Could the data below be retyped exactly, without its pictures?

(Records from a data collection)
☆ ☆ ☆ ☆ ☆ ☆ ☆

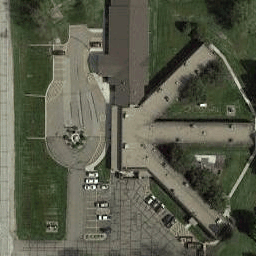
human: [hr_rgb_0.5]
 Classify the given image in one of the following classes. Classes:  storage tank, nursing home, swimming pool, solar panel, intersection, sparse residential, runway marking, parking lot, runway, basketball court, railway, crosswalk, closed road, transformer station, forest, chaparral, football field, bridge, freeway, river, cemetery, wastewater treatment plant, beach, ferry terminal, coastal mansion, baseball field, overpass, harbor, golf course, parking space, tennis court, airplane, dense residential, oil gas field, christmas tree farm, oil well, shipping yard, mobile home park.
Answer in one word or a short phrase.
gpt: nursing home
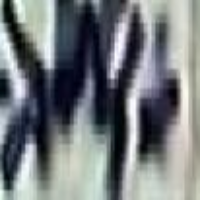
Label: metaphase
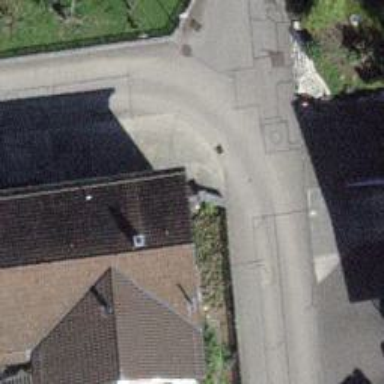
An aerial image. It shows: Post box.
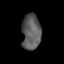
Tissue: skin
Cell type: Epithelial cells
Senescence score: 0.9334
Nuclear area (px): 663
Mean DAPI intensity: 89.894
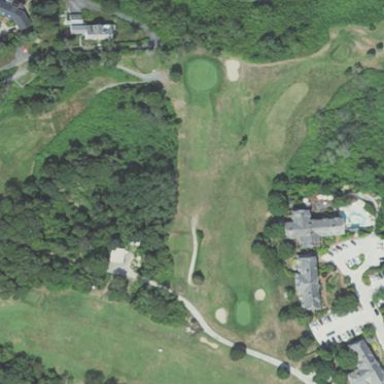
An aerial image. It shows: Golf course surrounded by greenery.
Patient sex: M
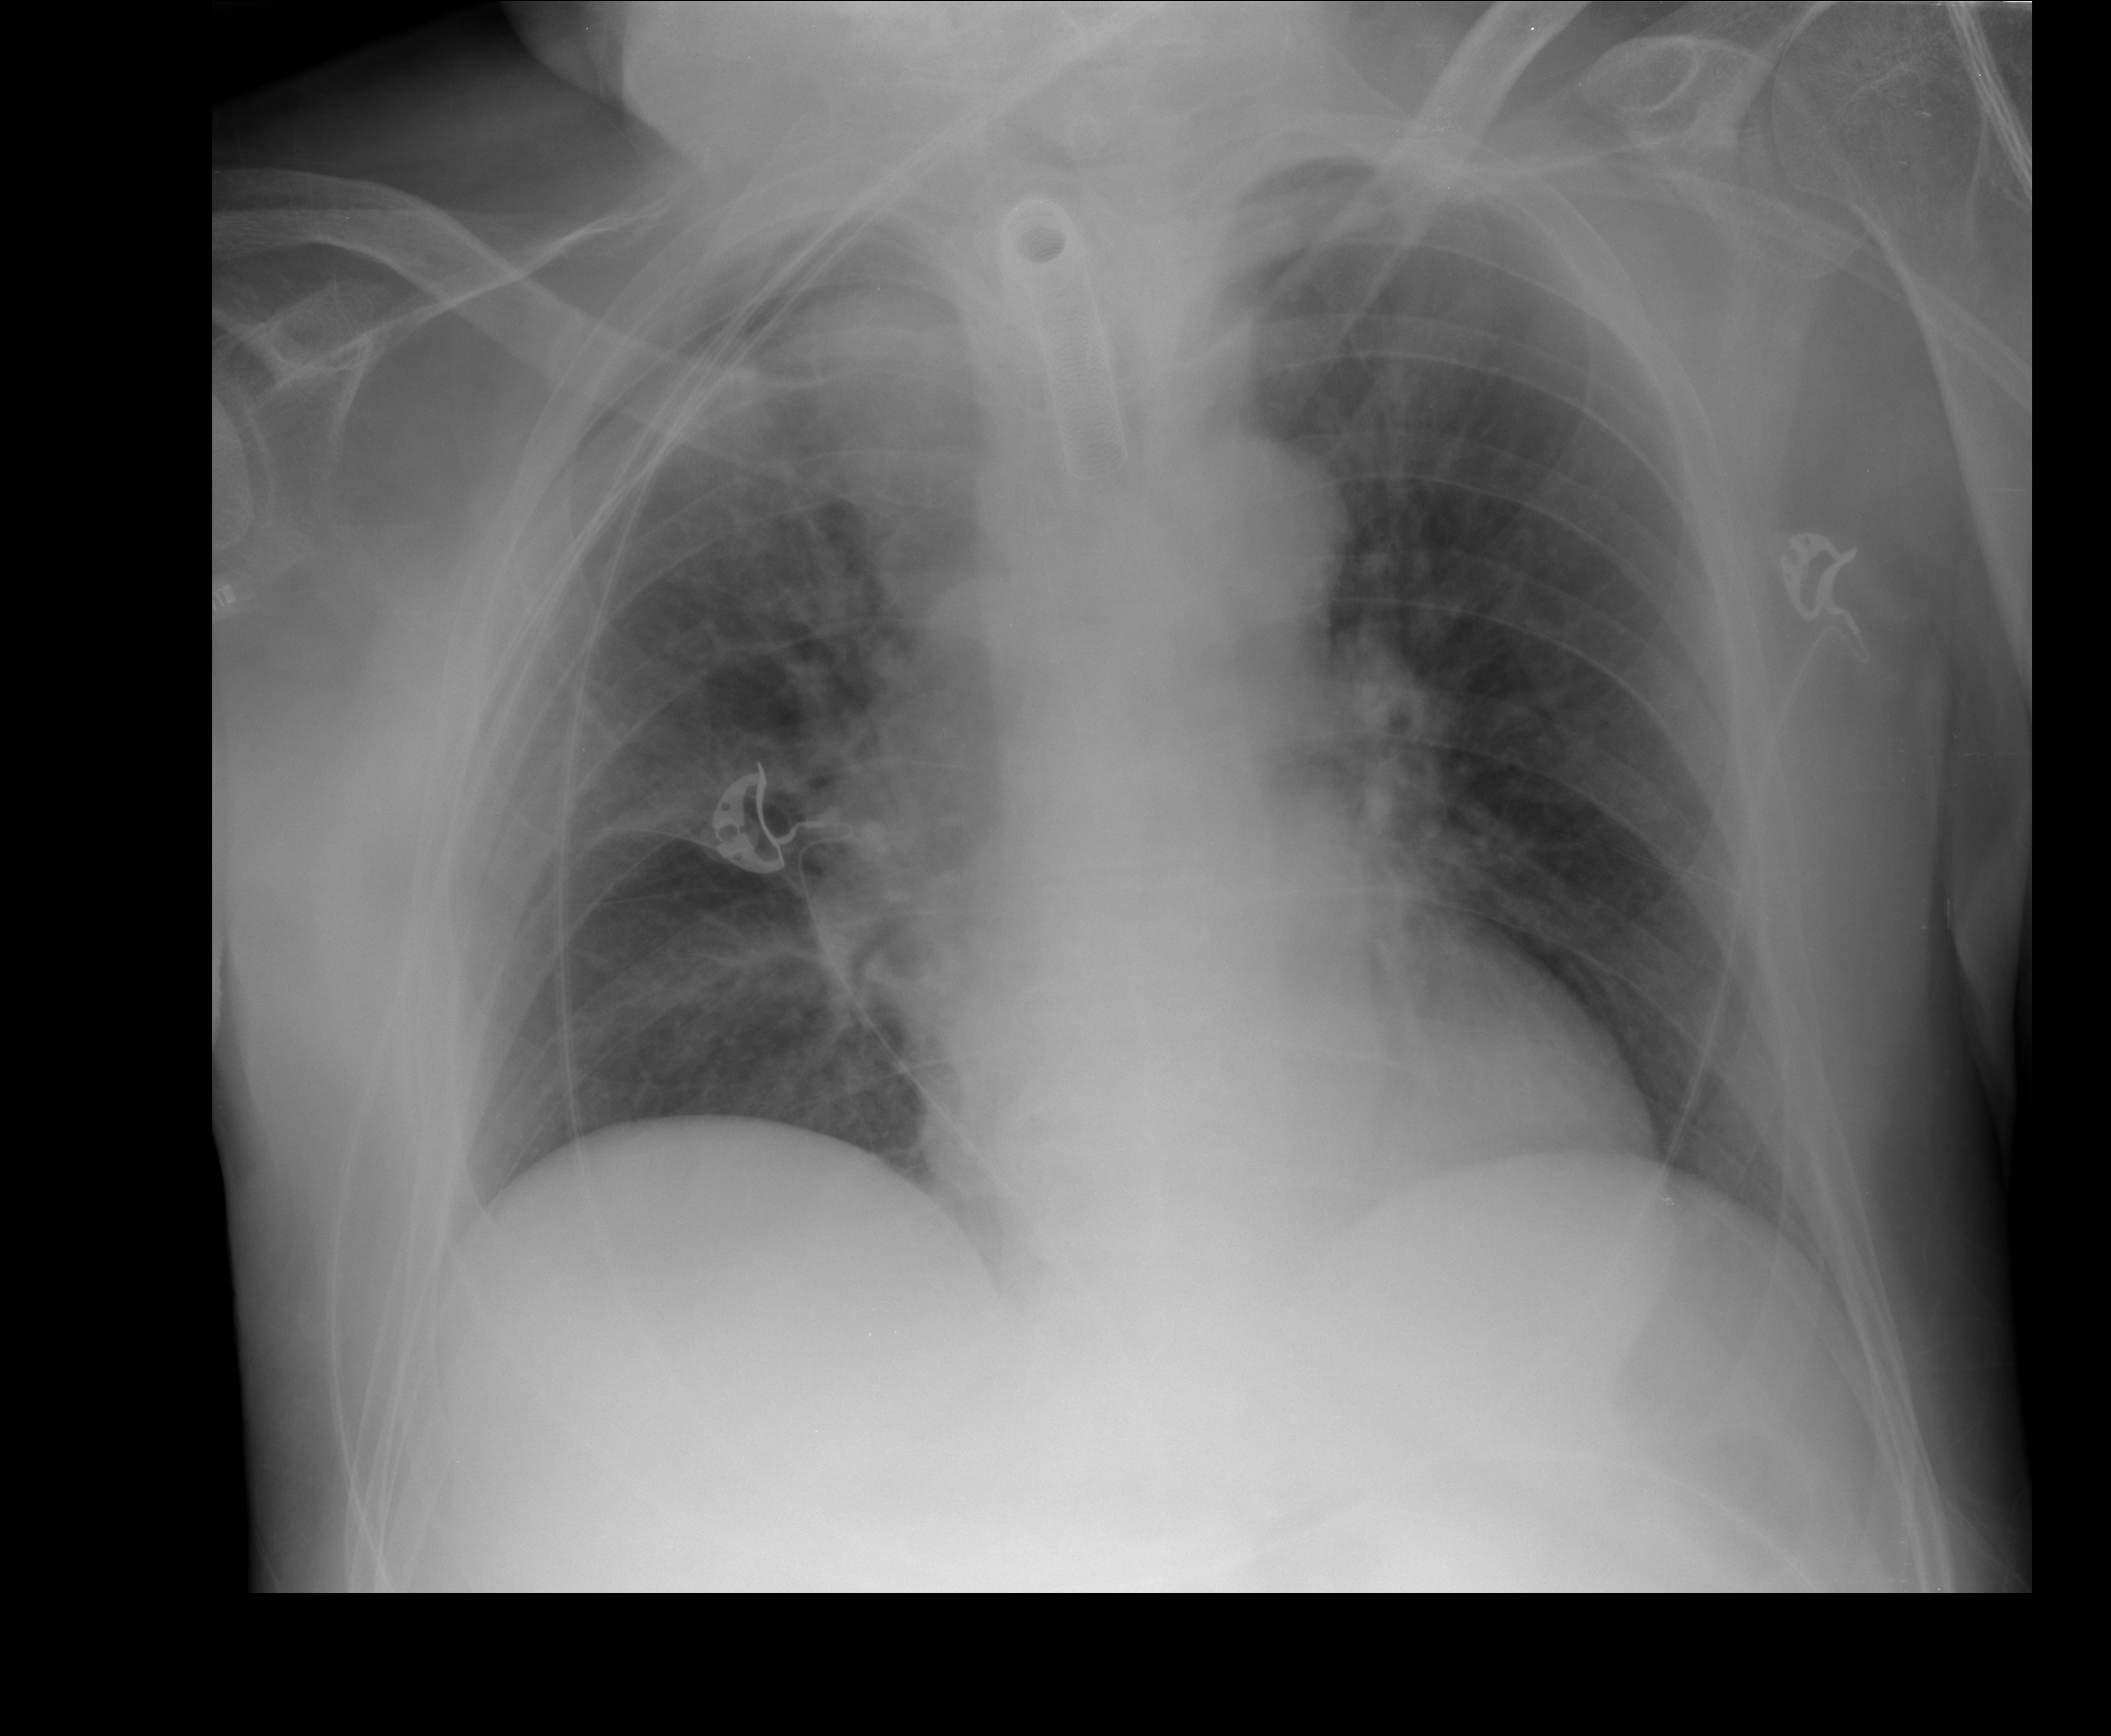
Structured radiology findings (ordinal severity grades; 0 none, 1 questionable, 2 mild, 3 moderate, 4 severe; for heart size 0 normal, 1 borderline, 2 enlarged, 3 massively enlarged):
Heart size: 0
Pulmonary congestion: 2
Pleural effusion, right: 0
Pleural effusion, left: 0
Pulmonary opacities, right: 2
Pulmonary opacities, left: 0
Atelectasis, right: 2
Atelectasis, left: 0
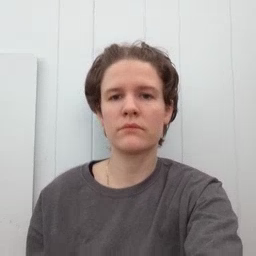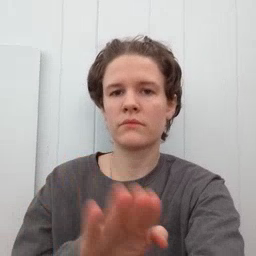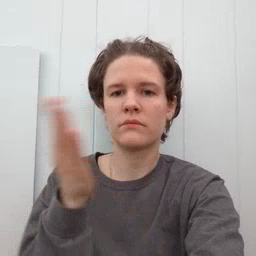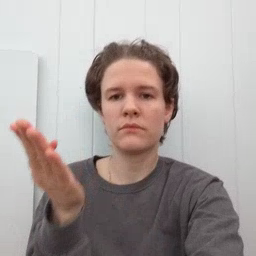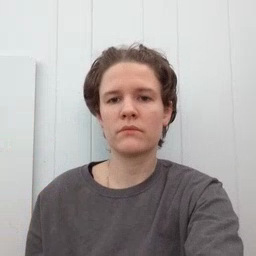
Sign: open
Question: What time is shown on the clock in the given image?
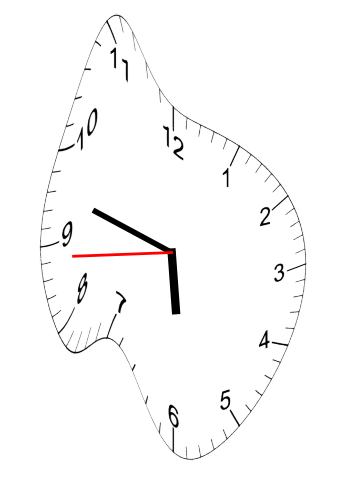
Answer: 05:47:44
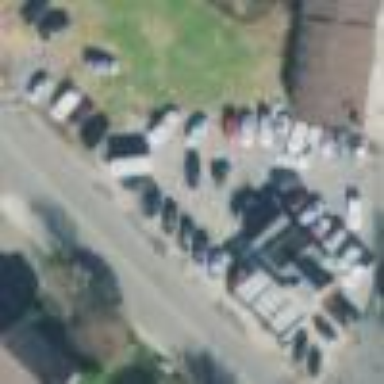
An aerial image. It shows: Car shop building.
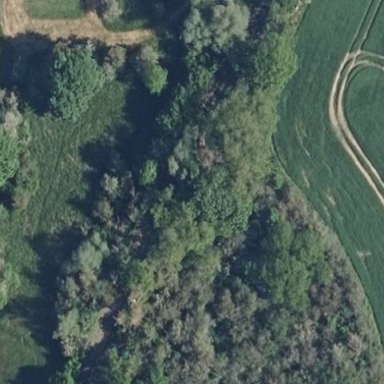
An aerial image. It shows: Beautiful woodland area.
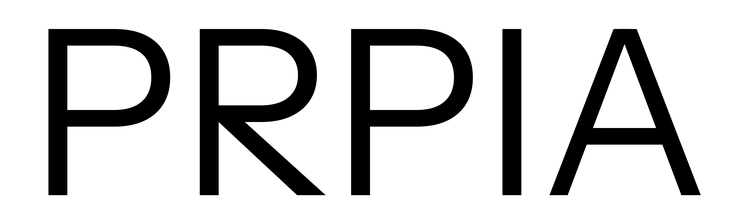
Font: InstrumentSans_Regular
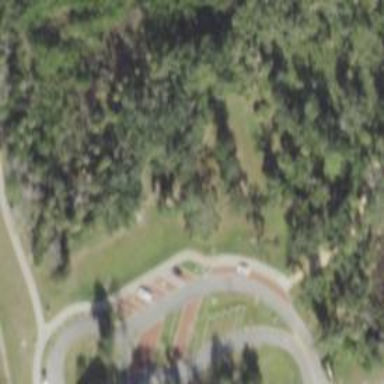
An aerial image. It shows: Memorial site with historic significance.
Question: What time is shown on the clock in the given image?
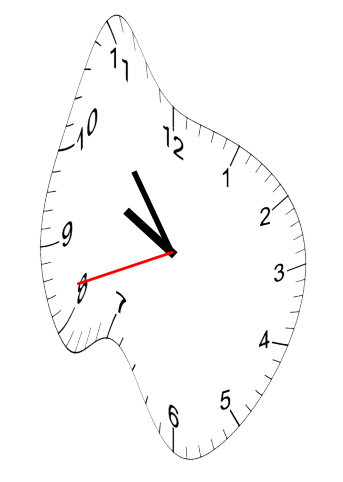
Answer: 09:53:42
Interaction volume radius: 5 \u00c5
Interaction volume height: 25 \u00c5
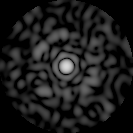
Disorder parameter: 0.8629
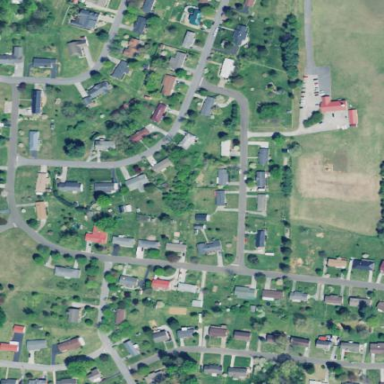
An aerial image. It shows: Residential area in neighborhood consisting of single-family homes.
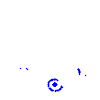
Particle: pion
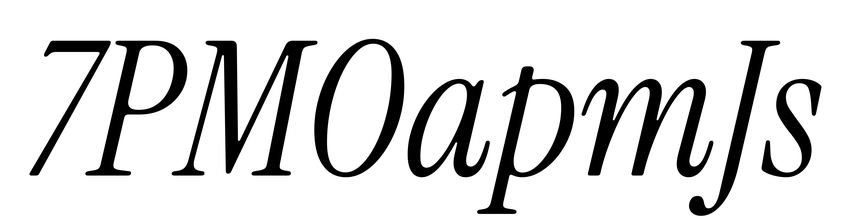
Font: InstrumentSerif-Italic
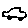
Label: car
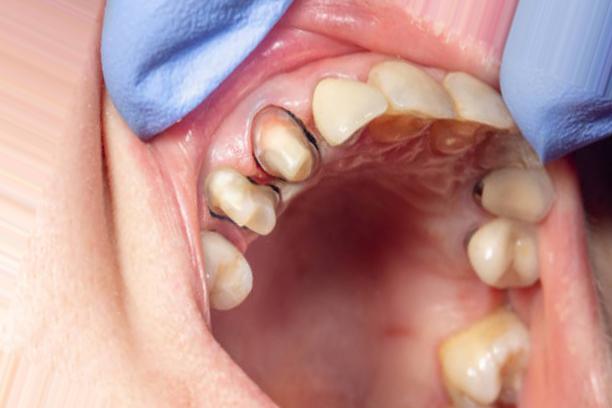
Condition: Caries
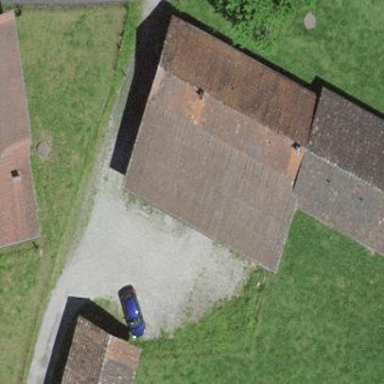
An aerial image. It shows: Farm auxiliary building.
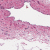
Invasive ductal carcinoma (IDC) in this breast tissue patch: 0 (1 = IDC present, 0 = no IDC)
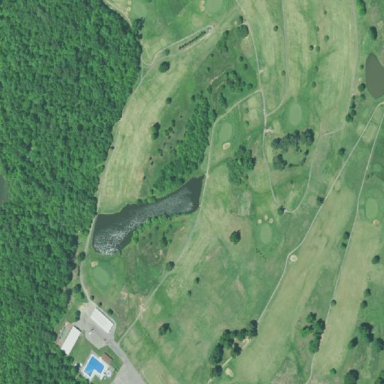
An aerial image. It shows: Golf course.
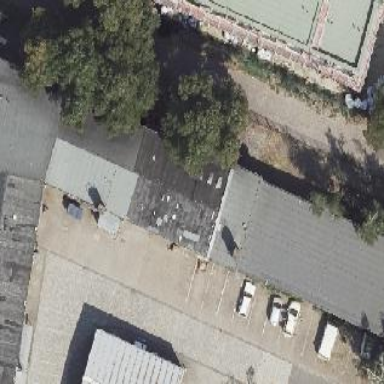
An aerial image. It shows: Group of garages.
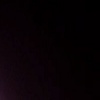
Label: space

☆ ☆ ☆ ☆ ☆ ☆ ☆

**RESULT FOR THIS TASK**
human: [hr_rgb_0.5]
 Classify the given image in one of the following classes. Classes:  storage tank, nursing home, swimming pool, solar panel, intersection, sparse residential, runway marking, parking lot, runway, basketball court, railway, crosswalk, closed road, transformer station, forest, chaparral, football field, bridge, freeway, river, cemetery, wastewater treatment plant, beach, ferry terminal, coastal mansion, baseball field, overpass, harbor, golf course, parking space, tennis court, airplane, dense residential, oil gas field, christmas tree farm, oil well, shipping yard, mobile home park.
Answer in one word or a short phrase.
gpt: nursing home
Label: metaphase
An aerial image. It shows: Post box.
Tissue: skin
Cell type: Epithelial cells
Senescence score: 0.9334
Nuclear area (px): 663
Mean DAPI intensity: 89.894
An aerial image. It shows: Golf course surrounded by greenery.
Patient sex: M
Structured radiology findings (ordinal severity grades; 0 none, 1 questionable, 2 mild, 3 moderate, 4 severe; for heart size 0 normal, 1 borderline, 2 enlarged, 3 massively enlarged):
Heart size: 0
Pulmonary congestion: 2
Pleural effusion, right: 0
Pleural effusion, left: 0
Pulmonary opacities, right: 2
Pulmonary opacities, left: 0
Atelectasis, right: 2
Atelectasis, left: 0
Sign: open
Question: What time is shown on the clock in the given image?
Answer: 05:47:44
An aerial image. It shows: Car shop building.
An aerial image. It shows: Beautiful woodland area.
Font: InstrumentSans_Regular
An aerial image. It shows: Memorial site with historic significance.
Question: What time is shown on the clock in the given image?
Answer: 09:53:42
Interaction volume radius: 5 \u00c5
Interaction volume height: 25 \u00c5
Disorder parameter: 0.8629
An aerial image. It shows: Residential area in neighborhood consisting of single-family homes.
Particle: pion
Font: InstrumentSerif-Italic
Label: car
Condition: Caries
An aerial image. It shows: Farm auxiliary building.
Invasive ductal carcinoma (IDC) in this breast tissue patch: 0 (1 = IDC present, 0 = no IDC)
An aerial image. It shows: Golf course.
An aerial image. It shows: Group of garages.
Label: space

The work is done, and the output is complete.